I once believed that you could draw circles on a piece of paper and if it looked like a record, and you could drop a needle on it and it would play music. I wondered what it would sound like, until my sister finally let me try it. Very disappointing!
My father (who at near 80 doesn't really qualify as a kid anymore) knows one thing about computers: they can only put out what has been put in in the first place. So he once told me he couldn't understand how the computer programmers could know beforehand what text I would want to write one day.
One day my dad was making me and my younger sister breakfast, when we were very young. We asked him how the toaster worked, and our dad (i suspect now rather than admitting he didnt KNOW how the toaster worked, being a drama teacher and not a scientist) told us that a little man lived inside the toaster. His name was Mr. Frosty, and he had a special trident with a red-hot tip to cook the bread. We got obsessed with Mr Frosty and every morning (mystifying our mum) the three of us (Dad, Me and sister) would look intently into the toaster and say a polite 'good morning' to mr Frosty. My sister and I also used to receive little letters on tiny scraps of pink paper from mr Frosty, thanking us for keeping him in business with all the toast we ate.
i used to think that the word e-mail was a sex, like male, female and e-mail.
I'm so thick!
When I was 6 years old I wanted to see Snow White and the Seven Dwarfs so I wrote it on the side of a video tape, put it in the VCR and pressed record thinking this was going to work. It didn't.
When AOL first came out and had it's signature, "You've Got Mail" thing, I thought to myself, "How in the world do they know that the mail man already came by!"
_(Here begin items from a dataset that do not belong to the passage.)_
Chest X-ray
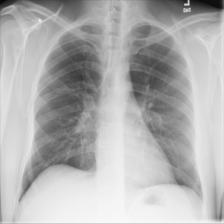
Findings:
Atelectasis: negative
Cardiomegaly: negative
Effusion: negative
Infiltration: negative
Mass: negative
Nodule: negative
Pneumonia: negative
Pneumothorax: negative
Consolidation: negative
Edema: negative
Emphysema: negative
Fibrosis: negative
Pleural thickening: negative
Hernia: negative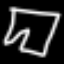
Label: pants

When I learned about faxes, I thought you could fax whole objects. Like in Willy Wonka. Ex. Scan a chair, and fax the info, and a chair comes out where you sent the fax.
As a child, I thought that the sky sometimes got dirty and needed cleaning (Incidentally, that was before I'd ever heard of air pollution.). I thought it because I'd heard of skyscrapers, and I envisioned that a skyscraper was a very long-handled blade for scraping the sky clean.
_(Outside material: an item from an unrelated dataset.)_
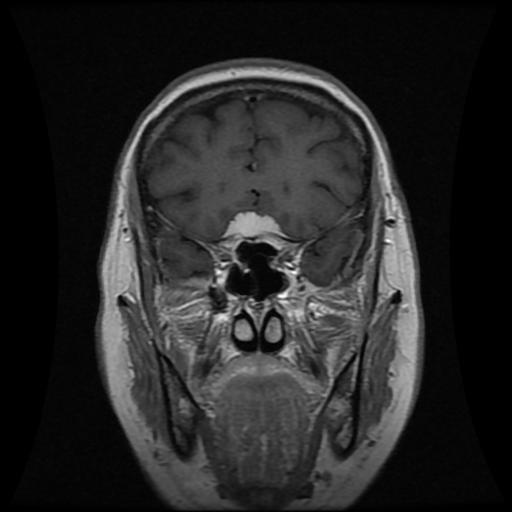
Label: meningioma

I was told by my grandma that there were things called wim-wams which were used for winding the sun up and down and which were kept on the side of the road just for that purpose. I've realised (only recently) that a wim-wam turned up every time Grandma saw a piece of farm machinery she didn't recognise. I expect there's a lot more of them now.
As a child, I was travelling by car with my younger cousin. He asked me why there was a flashing red light on top of the radio tower. I told him that was so the radio waves could find the tower at night. Of course, he believed me.
I used to think I could make televisions or radios using household materials. I gathered napkins, pieces of wood, toothpicks, and other random objects, and set about arranging them and hoping for the best. I figured I just had to position them in SOME way and it would work.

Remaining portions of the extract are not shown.